Libguestfs - Jun 2022 - [libguestfs-common PATCH 07/12] options: add back-end for LUKS decryption with Clevis+Tang

On 06/28/22 16:33, Richard W.M. Jones wrote:
> On Tue, Jun 28, 2022 at 01:49:10PM +0200, Laszlo Ersek wrote:
>> Extend the "matching_key" structure with a new boolean field,
"clevis".
>> "clevis" is mutually exclusive with a non-NULL
"passphrase" field. If
>> "clevis" is set, open the LUKS device with
guestfs_clevis_luks_unlock() --
>> which requires no explicit passphrase --; otherwise, continue calling
>> guestfs_cryptsetup_open().
>>
>> This patch introduces no change in observable behavior; there is no
user
>> interface yet for setting the "clevis" field to
"true".
>>
>> Bugzilla: https://bugzilla.redhat.com/show_bug.cgi?id=1809453
>> Signed-off-by: Laszlo Ersek <lersek at redhat.com>
>> ---
>>
>> Notes:
>>     This patch introduces a call to guestfs_clevis_luks_unlock(), which
is a
>>     new libguestfs API (introduced in the sibling libguestfs series).
>>     
>>     Assuming we still care about building guestfs-tools and virt-v2v
against
>>     an independent libguestfs (library and appliance), we need to do
one of
>>     the following things:
>>     
>>     (1) Make the call dependent on the GUESTFS_HAVE_CLEVIS_LUKS_UNLOCK
>>     feature test macro. If it is missing, the library is too old, just
set
>>     "r = -1", and (possibly) print a warning to stderr.
> 
> ^ Yes, we need to do this one.
> 
>>     (2) Cut a new libguestfs release, and bump the minimum version in
>>     "m4/guestfs-libraries.m4" (in both guestfs-tools and
virt-v2v) to the
>>     new version.
>>     
>>     Both of these have drawbacks.
>>     
>>     Disadvantages of (1):
>>     
>>     - Printing a raw warning to stderr is OK for the C-language tools,
but
>>       the code is used by OCaml tools as well, which have
pretty-printed
>>       warnings.
>>     
>>     - Simply skipping the guestfs_clevis_luks_unlock() call -- i.e.,
>>       pretending it fails -- is not user-friendly. In particular, once
we
>>       add the new selector type for "--key" later in this
series, and
>>       document it in "options/key-option.pod", all the
tools' docs will pick
>>       it up at once, even if the library is too old to provide the
>>       interface.
> 
> I'm not sure I see the problem here.  If we don't have the
interface
> at compile time [or the feature at runtime - but that's extra
> complexity], _and_ the user uses the new option, we should fail with
> an error (using the normal mechanism for errors, don't print stuff on
> stderr).  It's an error that we need to report to the user if
they're
> expecting a clevis selector to work and it cannot.
How about this:

- In this patch, if GUESTFS_HAVE_CLEVIS_LUKS_UNLOCK is not defined, but
"key->clevis" is set, then abort(). The idea being, the utilities
should
never permit (or cause) "key->clevis" to be set when the API is
missing.
The utilities need to catch the unsatisfiable request for clevis
earlier. (In this patch, it is too late for reporting that kind of error!)

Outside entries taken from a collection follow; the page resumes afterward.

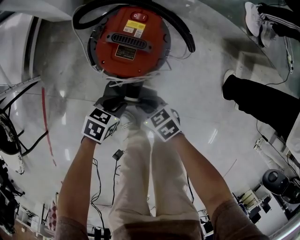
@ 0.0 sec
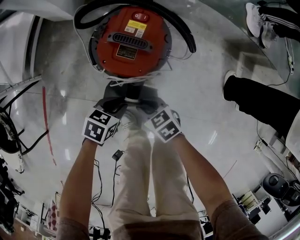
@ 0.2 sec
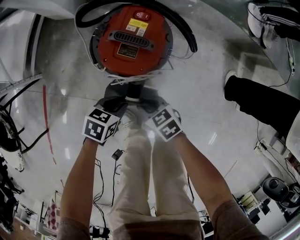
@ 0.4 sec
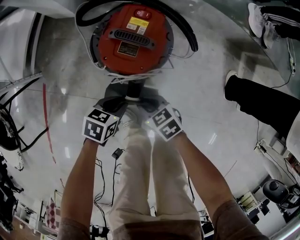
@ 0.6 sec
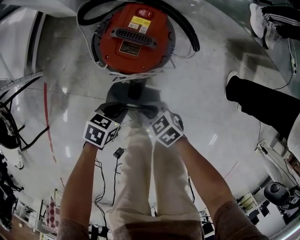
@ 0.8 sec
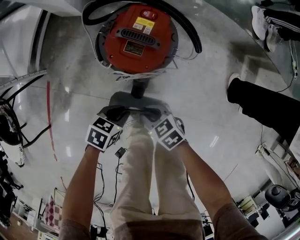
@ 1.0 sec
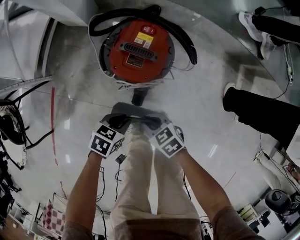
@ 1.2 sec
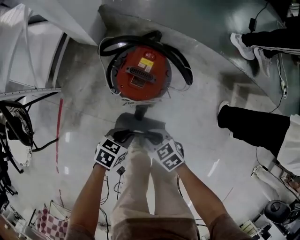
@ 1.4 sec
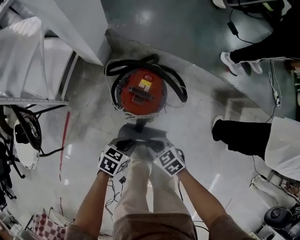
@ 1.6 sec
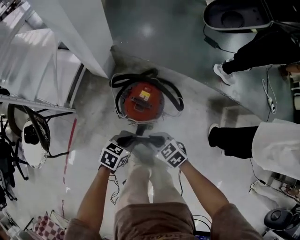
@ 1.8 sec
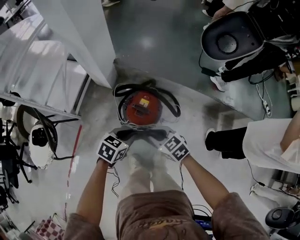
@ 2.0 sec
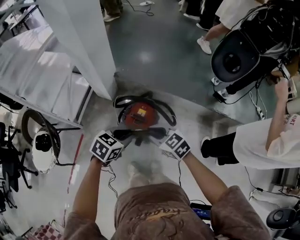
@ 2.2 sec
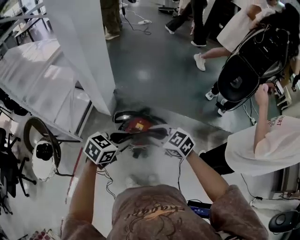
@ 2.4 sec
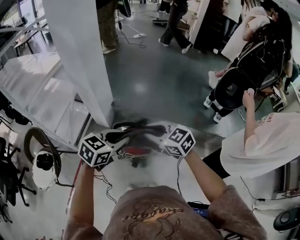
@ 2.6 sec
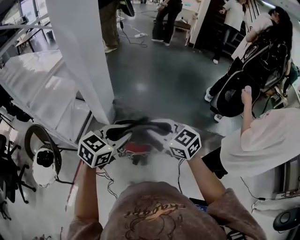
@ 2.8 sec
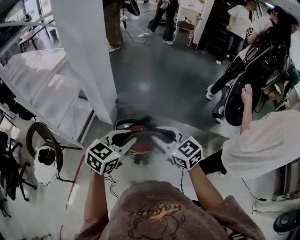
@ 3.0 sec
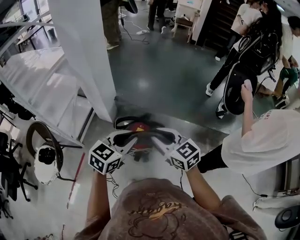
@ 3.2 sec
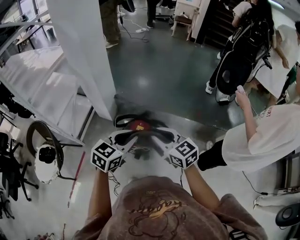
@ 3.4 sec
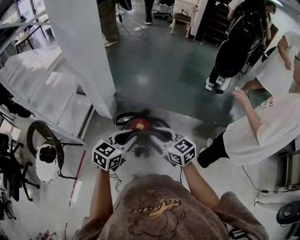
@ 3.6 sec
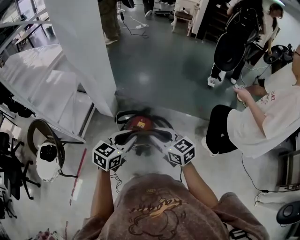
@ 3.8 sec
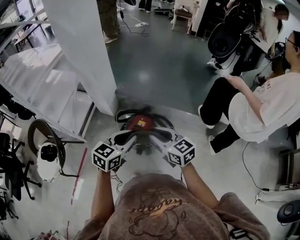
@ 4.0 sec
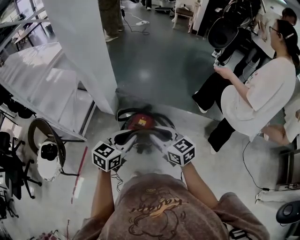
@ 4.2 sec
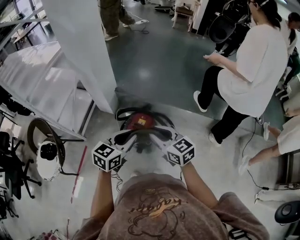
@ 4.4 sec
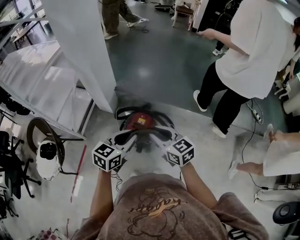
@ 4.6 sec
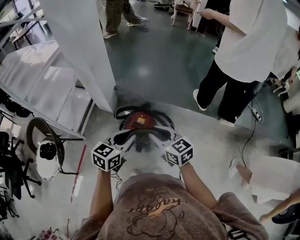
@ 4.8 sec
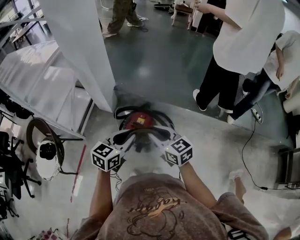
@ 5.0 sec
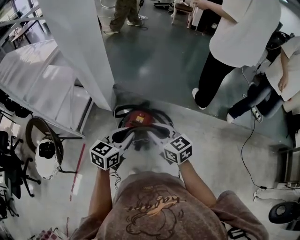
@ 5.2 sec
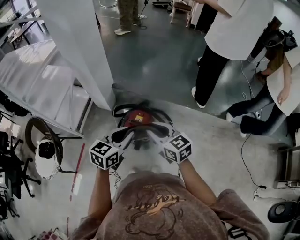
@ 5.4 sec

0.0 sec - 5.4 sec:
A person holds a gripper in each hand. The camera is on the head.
0.0 sec - 1.4 sec: Both grippers move upward, approximately 10 cm.
1.4 sec - 2.8 sec: The grippers both shift upward by roughly 60 cm. The right gripper tilts its fingers about 30 degrees upward, while the left gripper changes its angle by about 40 degrees.
2.8 sec - 4.0 sec: The two grippers go about 10 cm downward.
4.0 sec - 5.4 sec: The grippers move only a little.

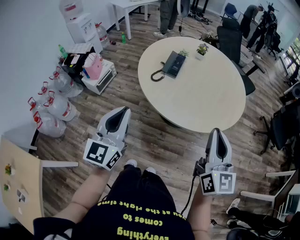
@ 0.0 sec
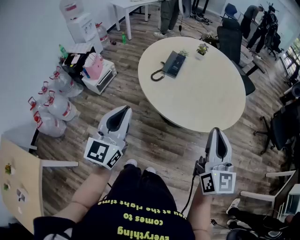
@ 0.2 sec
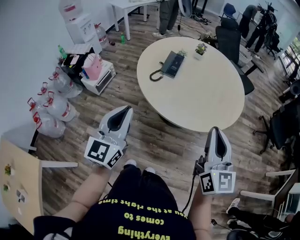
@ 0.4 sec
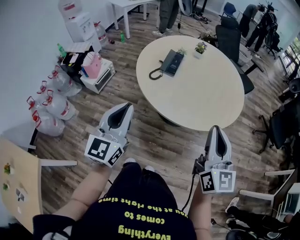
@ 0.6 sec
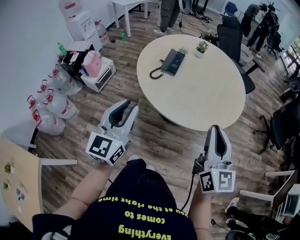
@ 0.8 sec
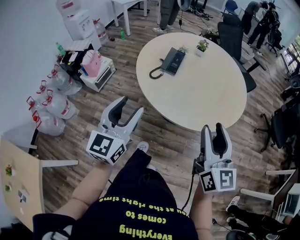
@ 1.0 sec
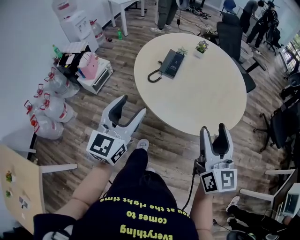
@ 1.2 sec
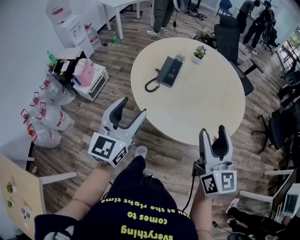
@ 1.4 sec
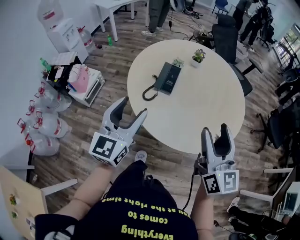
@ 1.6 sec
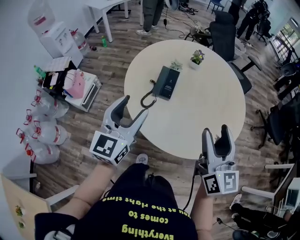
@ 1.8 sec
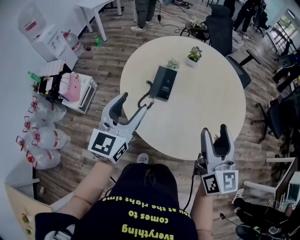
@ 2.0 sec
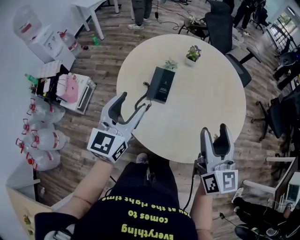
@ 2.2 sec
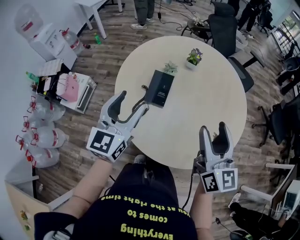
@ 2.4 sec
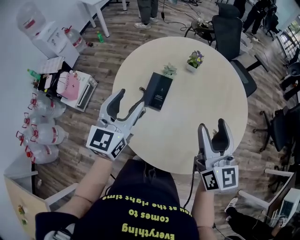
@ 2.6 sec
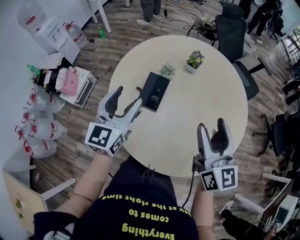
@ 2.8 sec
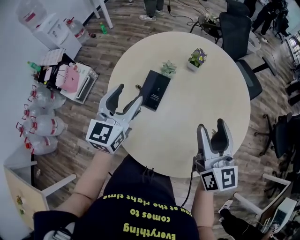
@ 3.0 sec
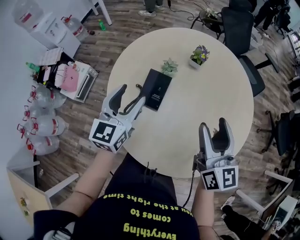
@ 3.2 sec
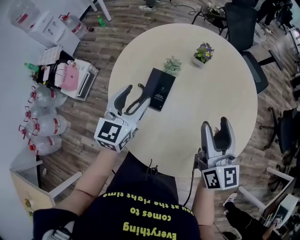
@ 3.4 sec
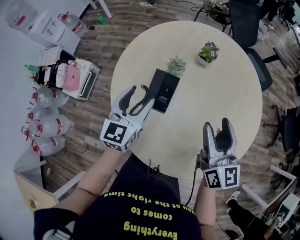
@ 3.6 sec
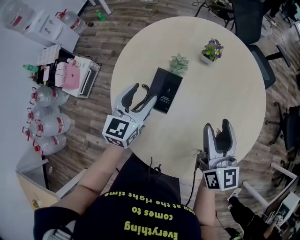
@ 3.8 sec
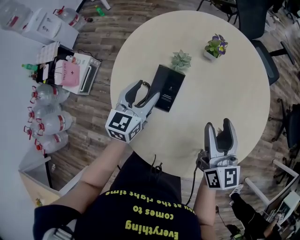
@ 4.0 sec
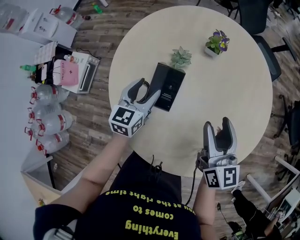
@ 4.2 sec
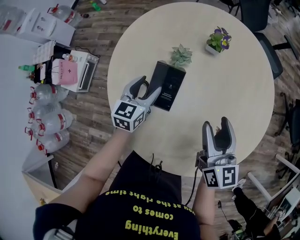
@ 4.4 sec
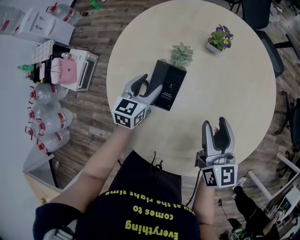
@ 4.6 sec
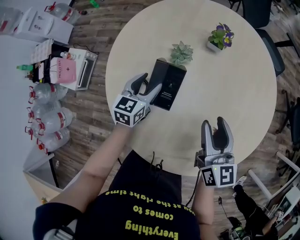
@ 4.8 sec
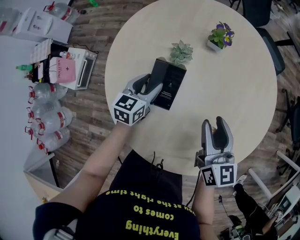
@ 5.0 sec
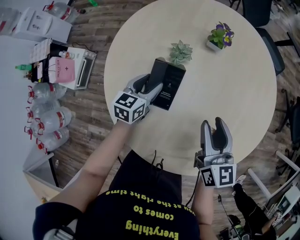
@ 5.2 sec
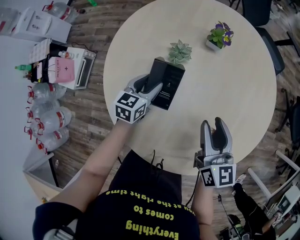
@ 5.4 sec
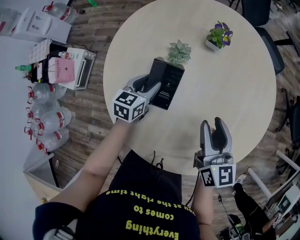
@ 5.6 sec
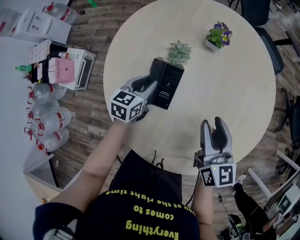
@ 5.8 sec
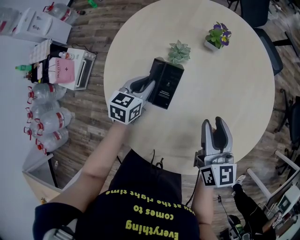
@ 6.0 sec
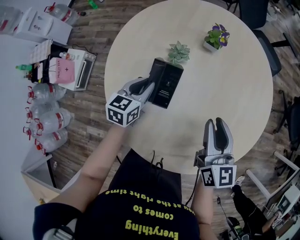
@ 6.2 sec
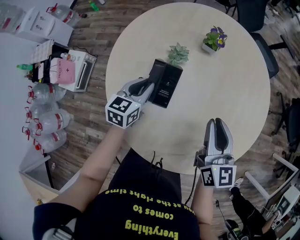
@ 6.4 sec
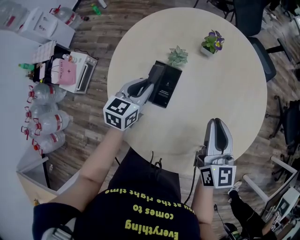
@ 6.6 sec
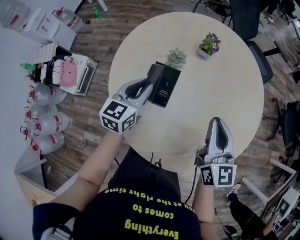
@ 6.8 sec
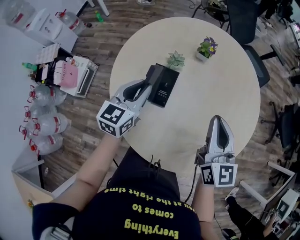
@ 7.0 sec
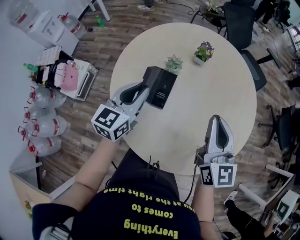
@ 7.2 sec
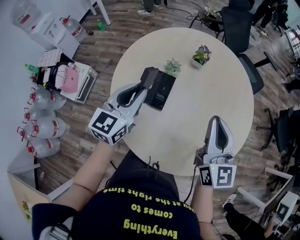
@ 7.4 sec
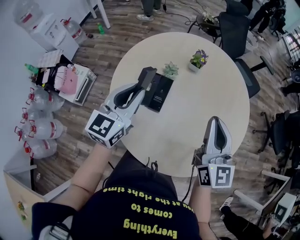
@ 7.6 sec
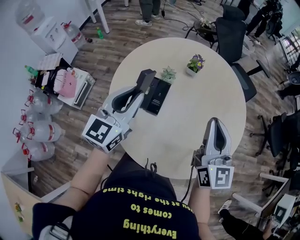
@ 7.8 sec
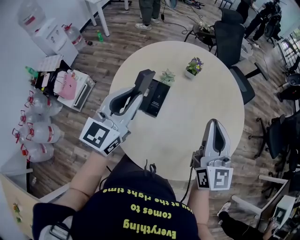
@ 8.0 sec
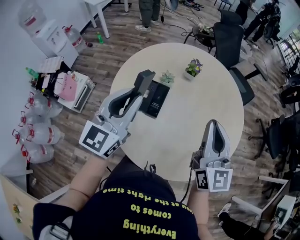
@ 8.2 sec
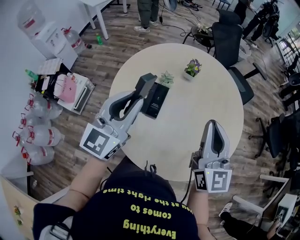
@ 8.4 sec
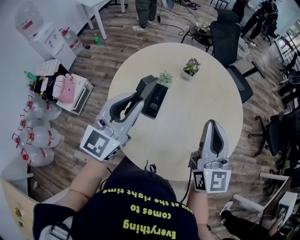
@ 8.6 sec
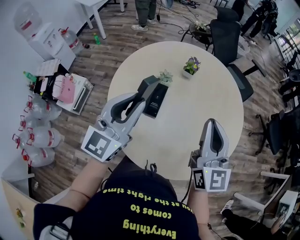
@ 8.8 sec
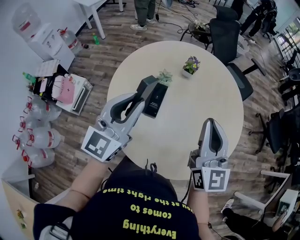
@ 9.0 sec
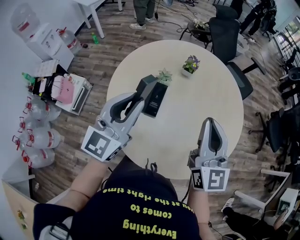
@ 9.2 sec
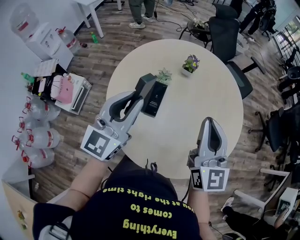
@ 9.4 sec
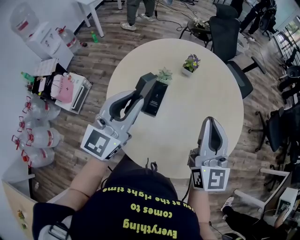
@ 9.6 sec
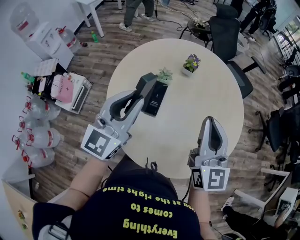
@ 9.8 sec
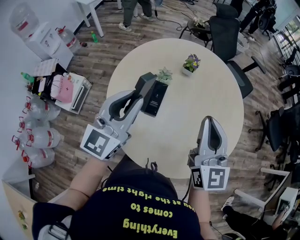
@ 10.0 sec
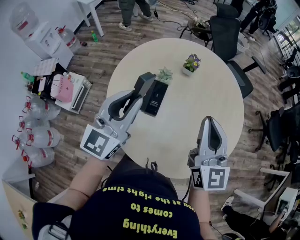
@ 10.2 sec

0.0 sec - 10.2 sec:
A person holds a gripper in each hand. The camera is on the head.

- At the end of this series, rename "key_store_requires_network" to
"key_store_contains_clevis".

- Append another patch: introduce a C function that checks both
GUESTFS_HAVE_CLEVIS_LUKS_UNLOCK and guestfs_available("clevisluks"),
and
returns a bool. Add an OCaml wrapper too. (OCaml has g#available, but
cannot check the GUESTFS_HAVE_CLEVIS_LUKS_UNLOCK feature test macro!)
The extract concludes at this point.